2016-12-31T20:38:51.000089Z

yeah generators aren't generally for production stuff

2016-12-31T20:43:20.000090Z

I want a combinator that doesn't match anything

2016-12-31T20:43:41.000091Z

I thought maybe (combo/alt) but that returns ε

zmaril 2016-12-31T20:44:11.000092Z

(gen/such-that (constantly false)) or something?

2016-12-31T20:44:18.000093Z

a combinator, not a generator

zmaril 2016-12-31T20:44:22.000094Z

oh right sorry

2016-12-31T20:44:38.000095Z

I guess I can do negative lookahead with epsilon?

zmaril 2016-12-31T20:44:52.000096Z

or a really unlikely string?

zmaril 2016-12-31T20:45:27.000097Z

like (string "THISWILLNEVERBEMATCHEDHOPEFULLY")

2016-12-31T20:46:12.000098Z

🙂

zmaril 2016-12-31T20:46:30.000099Z

we're not fancy here

2016-12-31T20:46:38.000100Z

(string (str (java.util.UUID/randomUUID)))

zmaril 2016-12-31T20:46:56.000101Z

that works!

2016-12-31T20:48:24.000102Z

I have an alternate thing in my codebase that could be called a parser, but instaparse also has something by that name so I called it a parsifier instead

2016-12-31T20:48:32.000103Z

and it's hard to remember that word because it could also have been parsinator

zmaril 2016-12-31T20:49:34.000104Z

hahaha

zmaril 2016-12-31T20:50:17.000105Z

(defn enlive-output-&gt;datascript-datums [m]
 (if-not (map? m)
    {:type :value :value m}
    (as-&gt; m $
        (assoc $ :meta (meta m))
        (assoc $ :db/id (d/tempid :mcc))
        (transform [:content ALL] enlive-output-&gt;datascript-datums $))))

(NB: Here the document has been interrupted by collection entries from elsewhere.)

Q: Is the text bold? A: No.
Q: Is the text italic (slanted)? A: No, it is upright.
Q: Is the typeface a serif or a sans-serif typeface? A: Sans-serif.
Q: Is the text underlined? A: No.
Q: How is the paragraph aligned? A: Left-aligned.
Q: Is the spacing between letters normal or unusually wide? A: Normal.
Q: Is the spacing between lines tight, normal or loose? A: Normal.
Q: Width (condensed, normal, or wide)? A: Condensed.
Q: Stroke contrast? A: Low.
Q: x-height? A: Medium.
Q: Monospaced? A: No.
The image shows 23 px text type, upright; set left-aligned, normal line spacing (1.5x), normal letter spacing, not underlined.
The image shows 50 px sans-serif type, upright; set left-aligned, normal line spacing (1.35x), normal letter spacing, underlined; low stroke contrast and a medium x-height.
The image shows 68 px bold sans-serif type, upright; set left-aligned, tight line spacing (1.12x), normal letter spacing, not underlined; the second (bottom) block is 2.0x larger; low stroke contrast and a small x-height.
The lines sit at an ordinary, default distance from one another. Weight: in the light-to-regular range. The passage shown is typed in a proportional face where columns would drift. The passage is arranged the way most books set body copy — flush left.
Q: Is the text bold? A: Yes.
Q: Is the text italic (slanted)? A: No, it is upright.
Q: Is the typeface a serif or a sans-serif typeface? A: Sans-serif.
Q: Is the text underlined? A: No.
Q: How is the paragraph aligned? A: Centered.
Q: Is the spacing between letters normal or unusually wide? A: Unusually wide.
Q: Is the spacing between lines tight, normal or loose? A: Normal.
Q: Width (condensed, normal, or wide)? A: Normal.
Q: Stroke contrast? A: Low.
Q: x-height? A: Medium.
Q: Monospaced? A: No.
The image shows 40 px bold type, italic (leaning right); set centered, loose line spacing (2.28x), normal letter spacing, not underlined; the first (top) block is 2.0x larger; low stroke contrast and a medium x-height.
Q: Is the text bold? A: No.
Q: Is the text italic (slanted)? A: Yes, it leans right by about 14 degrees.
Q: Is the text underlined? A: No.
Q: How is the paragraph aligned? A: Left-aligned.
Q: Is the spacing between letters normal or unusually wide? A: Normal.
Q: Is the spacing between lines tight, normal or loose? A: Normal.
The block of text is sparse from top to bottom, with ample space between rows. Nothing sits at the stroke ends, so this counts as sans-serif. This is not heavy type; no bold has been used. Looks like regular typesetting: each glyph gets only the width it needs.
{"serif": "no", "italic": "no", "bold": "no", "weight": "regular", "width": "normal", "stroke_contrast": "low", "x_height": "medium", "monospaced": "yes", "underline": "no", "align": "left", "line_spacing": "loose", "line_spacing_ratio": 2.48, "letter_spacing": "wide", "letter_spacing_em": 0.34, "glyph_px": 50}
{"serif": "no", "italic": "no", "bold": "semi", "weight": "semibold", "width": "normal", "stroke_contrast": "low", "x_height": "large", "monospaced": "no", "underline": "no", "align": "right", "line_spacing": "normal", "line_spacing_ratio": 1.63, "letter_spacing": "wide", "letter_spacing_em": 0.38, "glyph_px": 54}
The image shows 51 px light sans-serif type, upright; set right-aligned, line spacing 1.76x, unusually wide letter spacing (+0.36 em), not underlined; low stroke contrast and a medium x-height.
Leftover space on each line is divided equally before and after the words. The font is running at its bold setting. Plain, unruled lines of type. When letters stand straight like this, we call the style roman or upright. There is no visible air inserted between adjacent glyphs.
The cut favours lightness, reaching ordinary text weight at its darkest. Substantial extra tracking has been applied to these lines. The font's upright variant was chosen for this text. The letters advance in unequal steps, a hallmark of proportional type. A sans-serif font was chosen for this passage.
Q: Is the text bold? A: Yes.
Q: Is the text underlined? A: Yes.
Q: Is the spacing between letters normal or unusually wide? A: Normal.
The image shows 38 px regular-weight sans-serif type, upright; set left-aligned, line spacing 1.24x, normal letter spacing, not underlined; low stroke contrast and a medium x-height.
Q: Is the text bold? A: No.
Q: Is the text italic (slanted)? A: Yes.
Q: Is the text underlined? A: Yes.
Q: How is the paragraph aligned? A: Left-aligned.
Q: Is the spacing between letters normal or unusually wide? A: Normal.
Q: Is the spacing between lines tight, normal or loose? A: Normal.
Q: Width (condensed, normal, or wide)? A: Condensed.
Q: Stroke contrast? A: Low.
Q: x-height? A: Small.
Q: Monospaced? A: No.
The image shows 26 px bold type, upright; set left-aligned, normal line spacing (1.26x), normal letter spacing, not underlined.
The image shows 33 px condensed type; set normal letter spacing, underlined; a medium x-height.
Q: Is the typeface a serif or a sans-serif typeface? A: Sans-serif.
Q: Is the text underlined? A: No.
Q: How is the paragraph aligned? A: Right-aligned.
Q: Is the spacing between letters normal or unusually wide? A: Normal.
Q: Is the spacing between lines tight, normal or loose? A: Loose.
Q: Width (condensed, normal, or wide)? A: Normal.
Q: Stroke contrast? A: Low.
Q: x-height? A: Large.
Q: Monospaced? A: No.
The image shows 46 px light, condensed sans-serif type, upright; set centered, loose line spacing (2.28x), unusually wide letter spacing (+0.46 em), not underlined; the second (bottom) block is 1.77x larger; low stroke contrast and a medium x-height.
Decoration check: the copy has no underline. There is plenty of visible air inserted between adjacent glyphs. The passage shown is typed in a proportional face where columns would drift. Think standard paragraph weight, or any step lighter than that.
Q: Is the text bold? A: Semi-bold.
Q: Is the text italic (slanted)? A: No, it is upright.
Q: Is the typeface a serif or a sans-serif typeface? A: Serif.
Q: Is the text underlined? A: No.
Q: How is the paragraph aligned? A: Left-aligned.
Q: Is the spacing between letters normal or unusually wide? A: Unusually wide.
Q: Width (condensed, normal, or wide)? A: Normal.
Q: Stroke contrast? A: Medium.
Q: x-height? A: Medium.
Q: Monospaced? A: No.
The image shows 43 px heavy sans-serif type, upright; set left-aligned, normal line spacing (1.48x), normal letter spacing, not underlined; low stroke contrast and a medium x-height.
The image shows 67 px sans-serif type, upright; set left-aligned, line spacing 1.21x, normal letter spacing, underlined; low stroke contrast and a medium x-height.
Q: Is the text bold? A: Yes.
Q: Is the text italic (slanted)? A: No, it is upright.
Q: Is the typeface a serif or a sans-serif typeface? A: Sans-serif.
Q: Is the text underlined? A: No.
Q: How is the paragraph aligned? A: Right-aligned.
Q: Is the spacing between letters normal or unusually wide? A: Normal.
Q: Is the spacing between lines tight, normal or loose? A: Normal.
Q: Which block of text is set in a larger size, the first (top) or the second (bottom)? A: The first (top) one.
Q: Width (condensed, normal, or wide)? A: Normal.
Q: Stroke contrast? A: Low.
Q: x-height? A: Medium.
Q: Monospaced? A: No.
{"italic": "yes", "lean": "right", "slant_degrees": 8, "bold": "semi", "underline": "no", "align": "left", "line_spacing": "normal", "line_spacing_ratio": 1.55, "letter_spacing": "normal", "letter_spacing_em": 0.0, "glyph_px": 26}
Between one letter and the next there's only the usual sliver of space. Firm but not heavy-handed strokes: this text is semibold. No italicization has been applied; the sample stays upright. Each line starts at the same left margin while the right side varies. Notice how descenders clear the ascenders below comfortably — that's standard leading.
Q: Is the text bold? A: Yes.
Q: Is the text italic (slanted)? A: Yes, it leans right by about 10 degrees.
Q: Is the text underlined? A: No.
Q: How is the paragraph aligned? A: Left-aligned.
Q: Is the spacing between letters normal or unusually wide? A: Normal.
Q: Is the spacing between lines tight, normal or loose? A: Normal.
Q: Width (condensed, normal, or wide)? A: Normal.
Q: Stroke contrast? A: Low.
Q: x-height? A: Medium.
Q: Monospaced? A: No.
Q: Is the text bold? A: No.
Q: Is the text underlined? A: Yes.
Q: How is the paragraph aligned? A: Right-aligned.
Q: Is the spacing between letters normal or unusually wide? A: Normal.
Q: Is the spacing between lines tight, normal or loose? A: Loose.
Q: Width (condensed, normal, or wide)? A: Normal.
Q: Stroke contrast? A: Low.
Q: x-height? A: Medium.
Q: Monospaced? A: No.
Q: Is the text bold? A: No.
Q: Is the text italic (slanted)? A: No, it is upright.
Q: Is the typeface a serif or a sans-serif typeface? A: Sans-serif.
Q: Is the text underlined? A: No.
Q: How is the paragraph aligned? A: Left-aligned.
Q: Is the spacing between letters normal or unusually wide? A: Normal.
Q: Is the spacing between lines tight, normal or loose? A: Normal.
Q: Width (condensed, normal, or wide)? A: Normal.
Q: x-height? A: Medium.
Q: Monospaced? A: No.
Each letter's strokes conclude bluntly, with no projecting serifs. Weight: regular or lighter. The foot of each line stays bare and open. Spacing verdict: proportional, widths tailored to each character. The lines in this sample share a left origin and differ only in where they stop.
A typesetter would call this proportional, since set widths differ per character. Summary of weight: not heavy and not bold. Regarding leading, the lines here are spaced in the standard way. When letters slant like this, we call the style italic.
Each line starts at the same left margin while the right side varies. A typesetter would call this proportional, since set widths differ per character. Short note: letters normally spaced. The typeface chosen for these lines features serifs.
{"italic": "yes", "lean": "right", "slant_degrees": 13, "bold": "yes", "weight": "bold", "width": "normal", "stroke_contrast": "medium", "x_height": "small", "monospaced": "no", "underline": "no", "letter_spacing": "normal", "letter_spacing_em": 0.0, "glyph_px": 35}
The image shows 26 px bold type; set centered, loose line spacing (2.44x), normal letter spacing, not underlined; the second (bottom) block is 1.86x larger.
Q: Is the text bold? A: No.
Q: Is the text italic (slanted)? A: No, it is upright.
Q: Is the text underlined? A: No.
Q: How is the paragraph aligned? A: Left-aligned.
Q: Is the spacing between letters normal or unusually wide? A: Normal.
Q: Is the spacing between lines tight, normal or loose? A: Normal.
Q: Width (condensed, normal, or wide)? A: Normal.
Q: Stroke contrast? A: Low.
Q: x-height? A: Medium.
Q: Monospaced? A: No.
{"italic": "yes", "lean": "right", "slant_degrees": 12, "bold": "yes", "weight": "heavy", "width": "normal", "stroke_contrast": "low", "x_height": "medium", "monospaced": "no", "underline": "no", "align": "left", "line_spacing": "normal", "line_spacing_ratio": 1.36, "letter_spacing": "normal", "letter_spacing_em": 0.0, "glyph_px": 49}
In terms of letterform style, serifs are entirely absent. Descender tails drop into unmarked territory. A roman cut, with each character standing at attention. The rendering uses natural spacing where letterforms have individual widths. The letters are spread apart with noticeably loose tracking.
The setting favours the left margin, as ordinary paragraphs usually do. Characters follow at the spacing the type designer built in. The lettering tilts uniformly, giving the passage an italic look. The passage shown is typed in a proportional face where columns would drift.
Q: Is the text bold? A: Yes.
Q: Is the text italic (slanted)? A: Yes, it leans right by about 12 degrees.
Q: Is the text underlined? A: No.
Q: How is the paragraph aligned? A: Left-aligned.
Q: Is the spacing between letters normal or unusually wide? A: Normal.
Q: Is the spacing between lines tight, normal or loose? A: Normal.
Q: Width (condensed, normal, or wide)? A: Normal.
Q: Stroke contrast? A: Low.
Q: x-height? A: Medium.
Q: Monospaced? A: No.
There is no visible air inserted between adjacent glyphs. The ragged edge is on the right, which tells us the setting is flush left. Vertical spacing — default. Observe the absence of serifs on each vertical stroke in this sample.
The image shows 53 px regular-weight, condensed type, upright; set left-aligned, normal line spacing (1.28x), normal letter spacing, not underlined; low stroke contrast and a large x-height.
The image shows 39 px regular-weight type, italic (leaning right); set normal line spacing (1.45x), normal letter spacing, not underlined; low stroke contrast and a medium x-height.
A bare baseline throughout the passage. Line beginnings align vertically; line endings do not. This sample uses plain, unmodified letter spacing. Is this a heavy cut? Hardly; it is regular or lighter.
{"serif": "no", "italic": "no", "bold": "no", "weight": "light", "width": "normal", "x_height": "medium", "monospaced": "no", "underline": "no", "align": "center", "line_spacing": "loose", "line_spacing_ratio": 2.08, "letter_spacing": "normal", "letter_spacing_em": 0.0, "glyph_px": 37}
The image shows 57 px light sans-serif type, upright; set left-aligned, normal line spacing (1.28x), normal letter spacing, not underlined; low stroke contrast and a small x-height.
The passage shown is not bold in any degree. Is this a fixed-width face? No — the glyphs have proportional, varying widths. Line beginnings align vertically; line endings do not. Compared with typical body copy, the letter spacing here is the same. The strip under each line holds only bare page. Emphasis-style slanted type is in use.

This will take enlive output and make it so you can query it from datascript

2016-12-31T20:53:24.000106Z

does instaparse use its own regex engine?

zmaril 2016-12-31T20:53:37.000107Z

2016-12-31T20:53:40.000108Z

I just got a misparse where the thing matches the regex but instaparse disagrees

zmaril 2016-12-31T20:53:42.000109Z

depends on java if I recall

2016-12-31T20:53:52.000110Z

and reordering a disjunction in the regex fixes it

zmaril 2016-12-31T20:54:04.000111Z

hmm

2016-12-31T20:54:10.000112Z

this is the instparse-cljs thing in particular, but still on the jvm

zmaril 2016-12-31T20:54:16.000113Z

check if instaparse passes any flags in

2016-12-31T20:55:53.000114Z

here's the failing version: https://www.refheap.com/124435

zmaril 2016-12-31T20:58:11.000115Z

hmm

zmaril 2016-12-31T20:58:18.000116Z

"0/2" parses

zmaril 2016-12-31T20:58:44.000119Z

can you add in some parens to the second part to clarify your intent

2016-12-31T20:59:59.000120Z

"0/2" is not supposed to parse o_O

2016-12-31T21:00:34.000121Z

I see that's my fault though

zmaril 2016-12-31T21:03:49.000122Z

aengelberg 2016-12-31T21:59:41.000123Z

I second !epsilon as the "don't parse"

aengelberg 2016-12-31T22:00:29.000124Z

also instaparse fails on infinite loop grammars, so this might work

never-succeed = never-succeed

(then use never-succeed wherever)

2016-12-31T22:01:58.000125Z

@aengelberg do you think the current behavior of (combo/alt) is bad/weird?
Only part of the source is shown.